In den Doppeln gab es einen 8. Platz für Jonathan Suprijadi und Frieder Tausch, die auch auf dieser Position

gesetzt waren, sowie 2x Platz 13 für Beatrice Pavia / Laura Kleeb und Marlon Habeck / Moritz Miller.

Sämtliche Spiele wurden erst im 3. Satz und hier teilweise erst in der Verlängerung gegen die Spieler aus BW

entschieden.

Im Einzel gingen Sandora Göhlich, Eric Meng, Jonathan, Frieder und Marlon an den Start. Sandora belegte

nach 2 Niederlagen ebenso wie Frieder und Eric Rang 19, für Marlon steht der 17. Platz zu Buche.

Jonathan konnte sich im Mittelfeld platzieren und belegte Rang 12.

AK U17 ( Bilanz 4:8 )

Ramona Zimmermann trat mit Sandora, die damit eine AK aufrückte, an. Nach 2 Siegen und 2 Niederlagen

belegten die beiden einen guten 6. Platz. Für Sarina Grimm und Madeleine Singer lief es nicht ganz so gut.

Obwohl sie teilweise nah dran waren, gab es 2 Niederlagen und somit Rang 13.

Lukas Bihler und Lennart Luntz, die sich als jüngere Jahrgänge qualifiziert hatten, zeigten trotz einiger

Leistungsschwankungen eine ansprechende Leistung. 2 Siege und 2 Niederlagen bedeuteten am Ende Rang 11.

Im Einzel war der BWBV einzig durch Ramona vertreten, die als ungesetzte Spielerin direkt gegen die Nummer 1

der Setzliste antreten musste. Trotz deutlich verbesserter Laufarbeit war dies eine nicht zu lösende Aufgabe.

Im 2. spiel gab es eine hauchdünne 3-Satz Niederlage und somit einen v.a. für Ramona enttäuschenden 13. Rang.

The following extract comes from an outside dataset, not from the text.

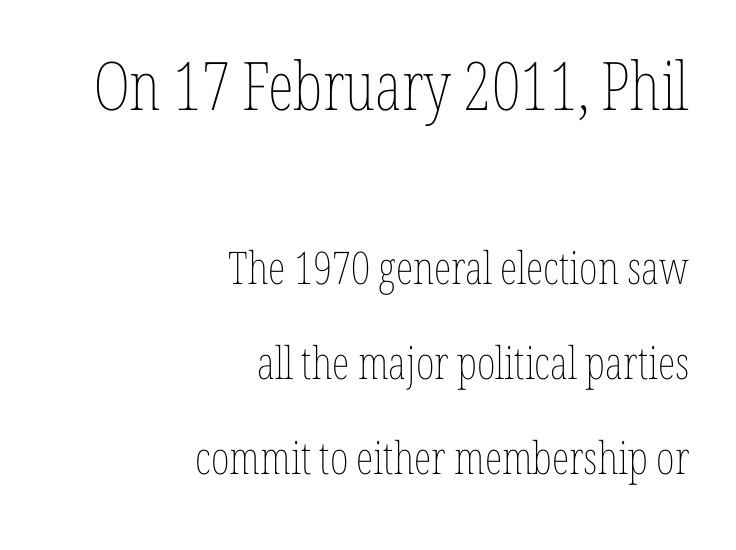
Bold? No — there's no thickening of the strokes. Tracking here is standard; glyphs follow each other at the usual distance. The space beneath each line is pristine and unruled. Which of the two is more prominent by size? The first, at the top.

Nach übereinstimmender Einschätzung der anwesenden Trainer ist das auf der Ergebnisebene enttäuschende

Abschneiden v.a. auf 4 Faktoren zurückzuführen :

1. Unzureichende Schlagsicherheit bei den Basics und unter Druck

2. Große Defizite im Racketspeedbereich

3. Zu wenig ausgeprägte taktische Fähigkeiten

4. Fehlende mentale Stärke bei engen Spielständen

Vor der Rückfahrt gab es ein ausführliches und konstruktives Gespräch an dem alle Spieler sowie die Trainer teilnahmen.

Auch wenn für die nächste Rangliste keine Wunderdinge zu erwarten sind, werden alle Beteiligten versuchen kleine

Schritte in die richtige Richtung zu tun.